*** Block opens ***
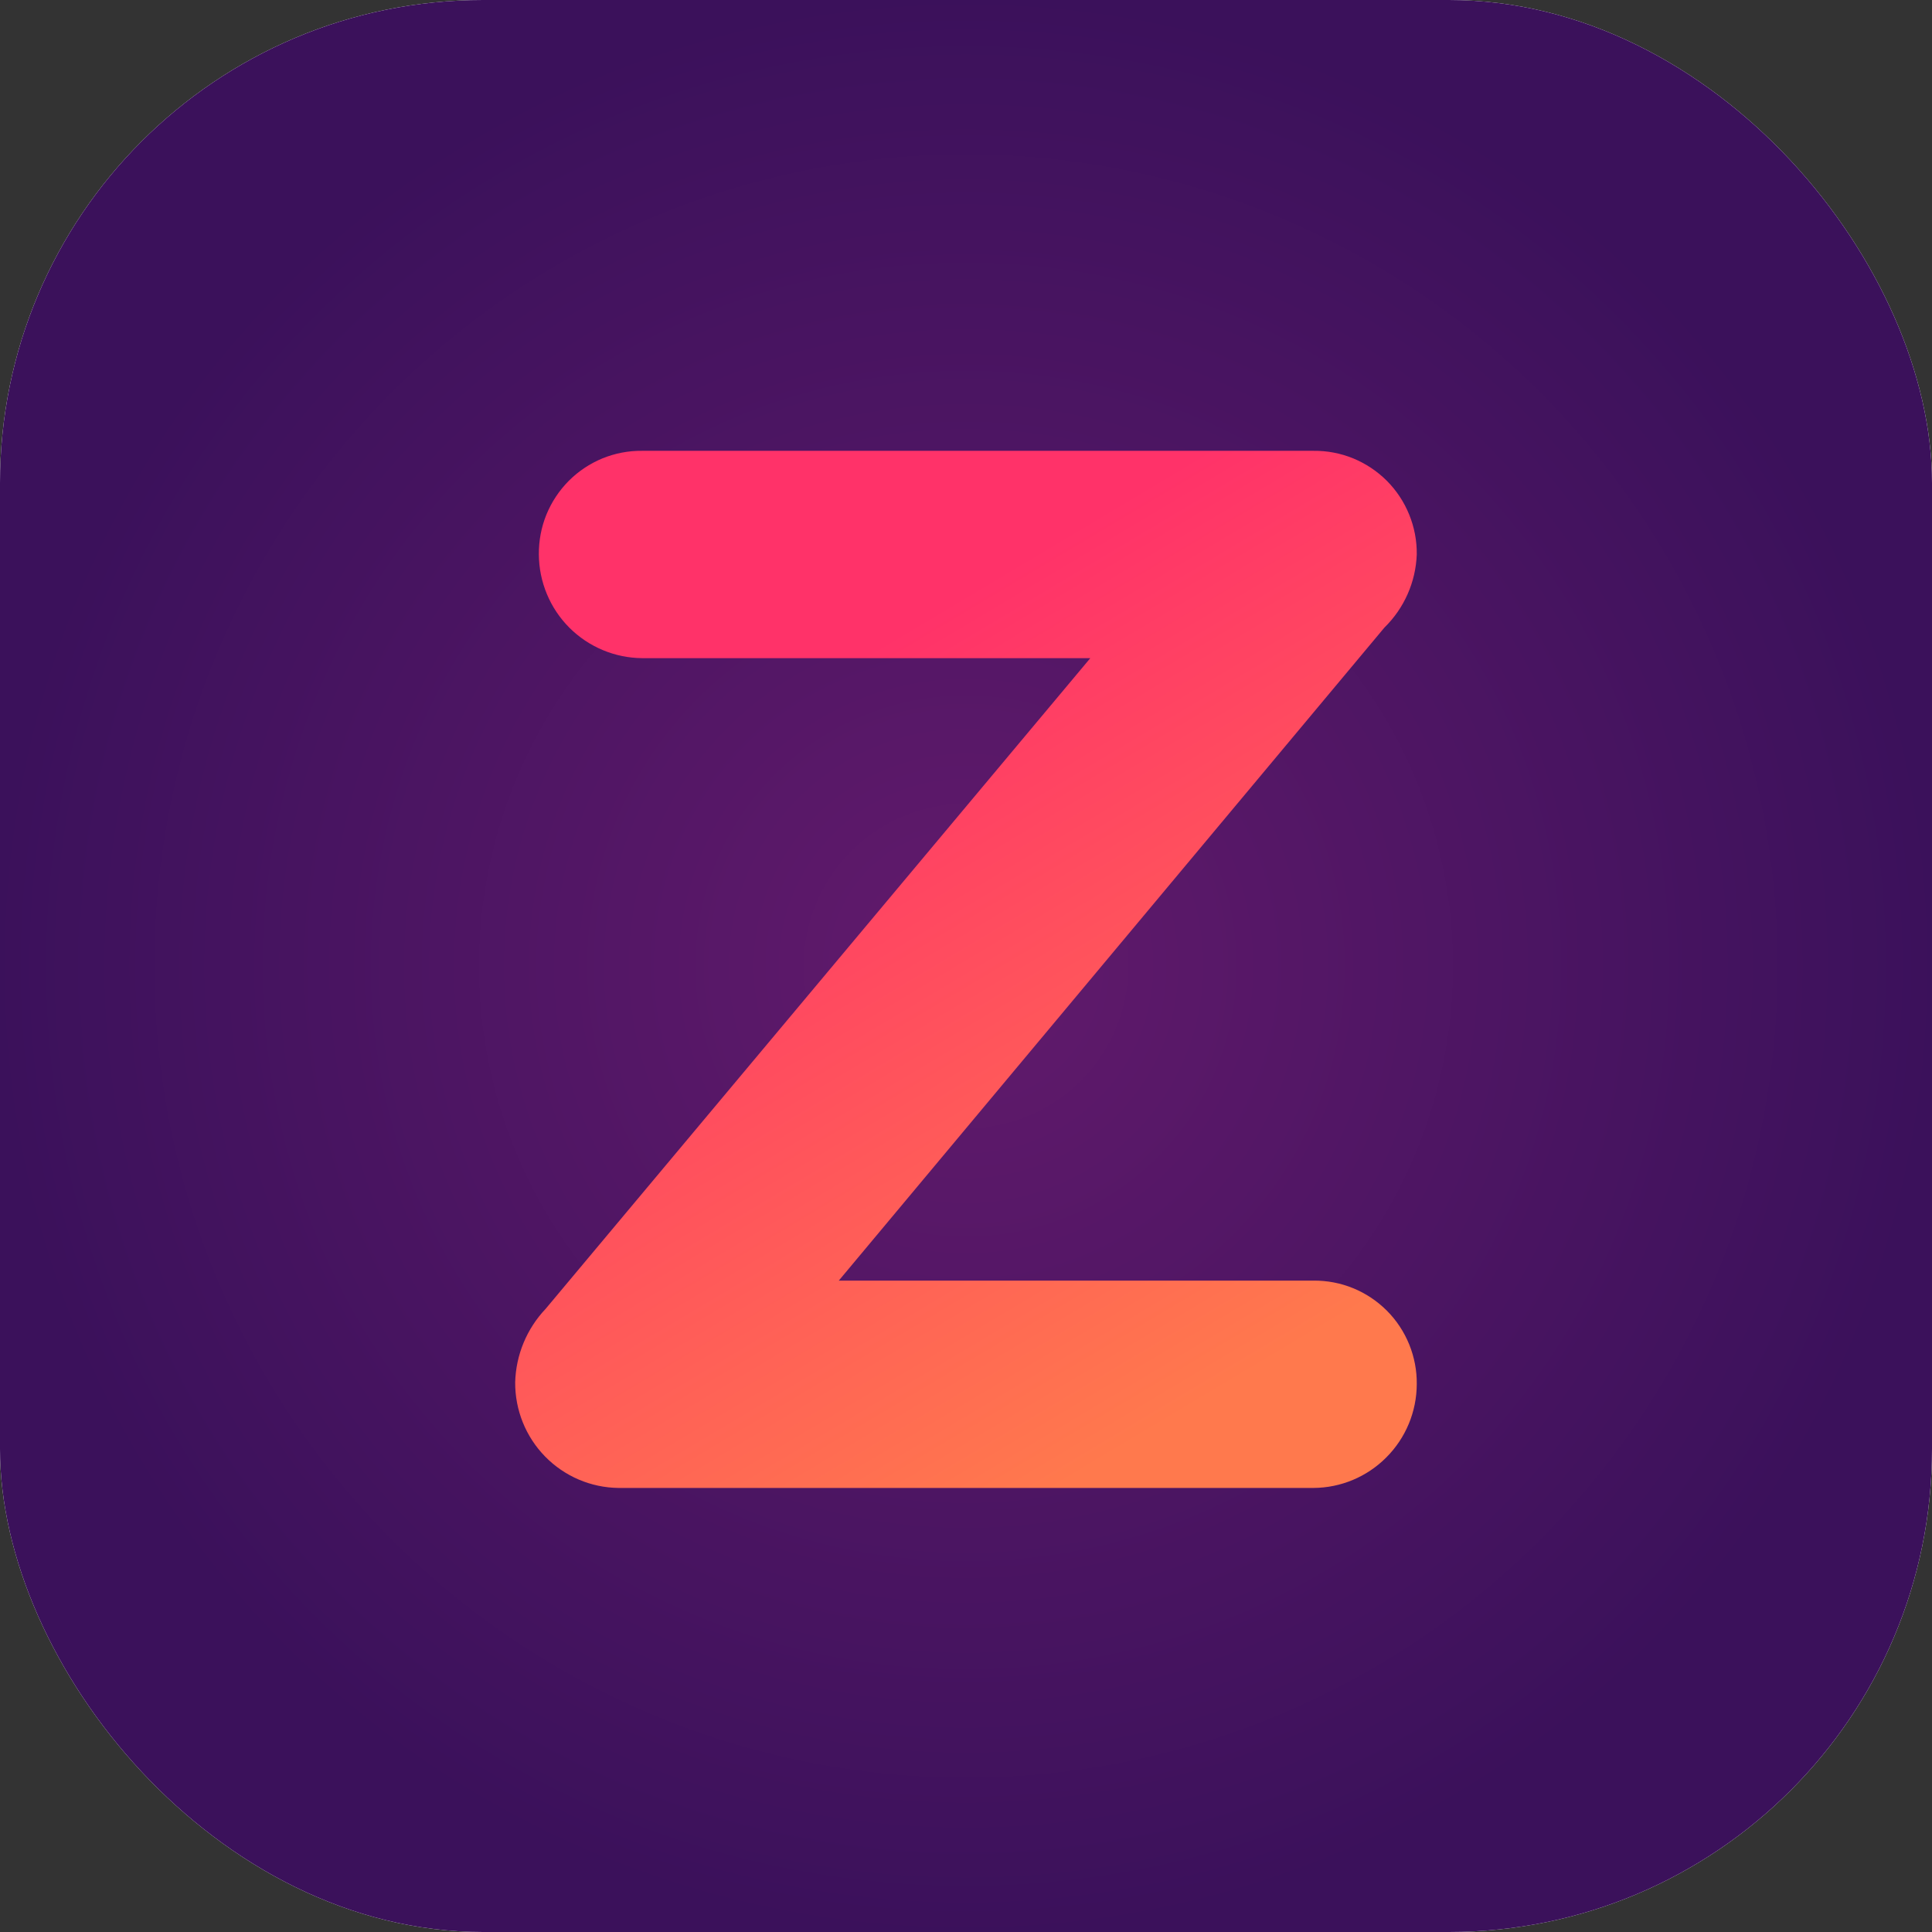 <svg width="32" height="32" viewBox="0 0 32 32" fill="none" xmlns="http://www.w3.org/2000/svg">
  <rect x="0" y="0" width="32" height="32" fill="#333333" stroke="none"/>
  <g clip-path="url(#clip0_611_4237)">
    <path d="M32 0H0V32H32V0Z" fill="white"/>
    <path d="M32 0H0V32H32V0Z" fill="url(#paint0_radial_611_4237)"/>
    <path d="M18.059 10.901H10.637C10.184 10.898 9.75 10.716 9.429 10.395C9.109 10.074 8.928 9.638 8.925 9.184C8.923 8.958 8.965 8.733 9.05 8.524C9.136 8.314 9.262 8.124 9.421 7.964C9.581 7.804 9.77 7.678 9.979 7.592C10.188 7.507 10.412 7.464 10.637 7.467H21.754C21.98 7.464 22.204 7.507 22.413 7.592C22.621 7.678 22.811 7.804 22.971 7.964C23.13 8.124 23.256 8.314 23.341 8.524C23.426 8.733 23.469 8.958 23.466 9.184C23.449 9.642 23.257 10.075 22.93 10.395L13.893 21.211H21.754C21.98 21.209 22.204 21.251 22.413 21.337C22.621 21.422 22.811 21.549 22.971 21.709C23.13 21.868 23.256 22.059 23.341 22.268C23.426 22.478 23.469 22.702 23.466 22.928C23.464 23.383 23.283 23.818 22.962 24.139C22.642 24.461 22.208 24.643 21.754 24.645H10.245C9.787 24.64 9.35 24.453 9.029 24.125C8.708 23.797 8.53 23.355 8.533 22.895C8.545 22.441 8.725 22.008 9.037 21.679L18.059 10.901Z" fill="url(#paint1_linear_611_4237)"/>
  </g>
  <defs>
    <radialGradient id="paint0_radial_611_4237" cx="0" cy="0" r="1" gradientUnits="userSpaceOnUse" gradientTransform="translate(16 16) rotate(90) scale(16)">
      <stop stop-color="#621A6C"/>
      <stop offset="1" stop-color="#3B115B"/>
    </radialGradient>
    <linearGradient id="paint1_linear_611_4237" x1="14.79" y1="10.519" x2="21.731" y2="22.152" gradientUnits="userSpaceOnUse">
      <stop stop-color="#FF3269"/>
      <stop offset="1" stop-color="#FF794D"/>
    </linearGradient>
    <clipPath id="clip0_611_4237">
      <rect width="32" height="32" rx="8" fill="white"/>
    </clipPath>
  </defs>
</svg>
*** Block closes ***
## Task to carry out
Taking each record in turn, retype it exactly and drop any picture.

## Task result
 <svg width="32" height="32" viewBox="0 0 32 32" fill="none" xmlns="http://www.w3.org/2000/svg">
  <rect x="0" y="0" width="32" height="32" fill="#333333" stroke="none"/>
  <g clip-path="url(#clip0_611_4237)">
    <path d="M32 0H0V32H32V0Z" fill="white"/>
    <path d="M32 0H0V32H32V0Z" fill="url(#paint0_radial_611_4237)"/>
    <path d="M18.059 10.901H10.637C10.184 10.898 9.75 10.716 9.429 10.395C9.109 10.074 8.928 9.638 8.925 9.184C8.923 8.958 8.965 8.733 9.05 8.524C9.136 8.314 9.262 8.124 9.421 7.964C9.581 7.804 9.77 7.678 9.979 7.592C10.188 7.507 10.412 7.464 10.637 7.467H21.754C21.98 7.464 22.204 7.507 22.413 7.592C22.621 7.678 22.811 7.804 22.971 7.964C23.13 8.124 23.256 8.314 23.341 8.524C23.426 8.733 23.469 8.958 23.466 9.184C23.449 9.642 23.257 10.075 22.93 10.395L13.893 21.211H21.754C21.98 21.209 22.204 21.251 22.413 21.337C22.621 21.422 22.811 21.549 22.971 21.709C23.13 21.868 23.256 22.059 23.341 22.268C23.426 22.478 23.469 22.702 23.466 22.928C23.464 23.383 23.283 23.818 22.962 24.139C22.642 24.461 22.208 24.643 21.754 24.645H10.245C9.787 24.64 9.35 24.453 9.029 24.125C8.708 23.797 8.53 23.355 8.533 22.895C8.545 22.441 8.725 22.008 9.037 21.679L18.059 10.901Z" fill="url(#paint1_linear_611_4237)"/>
  </g>
  <defs>
    <radialGradient id="paint0_radial_611_4237" cx="0" cy="0" r="1" gradientUnits="userSpaceOnUse" gradientTransform="translate(16 16) rotate(90) scale(16)">
      <stop stop-color="#621A6C"/>
      <stop offset="1" stop-color="#3B115B"/>
    </radialGradient>
    <linearGradient id="paint1_linear_611_4237" x1="14.79" y1="10.519" x2="21.731" y2="22.152" gradientUnits="userSpaceOnUse">
      <stop stop-color="#FF3269"/>
      <stop offset="1" stop-color="#FF794D"/>
    </linearGradient>
    <clipPath id="clip0_611_4237">
      <rect width="32" height="32" rx="8" fill="white"/>
    </clipPath>
  </defs>
</svg>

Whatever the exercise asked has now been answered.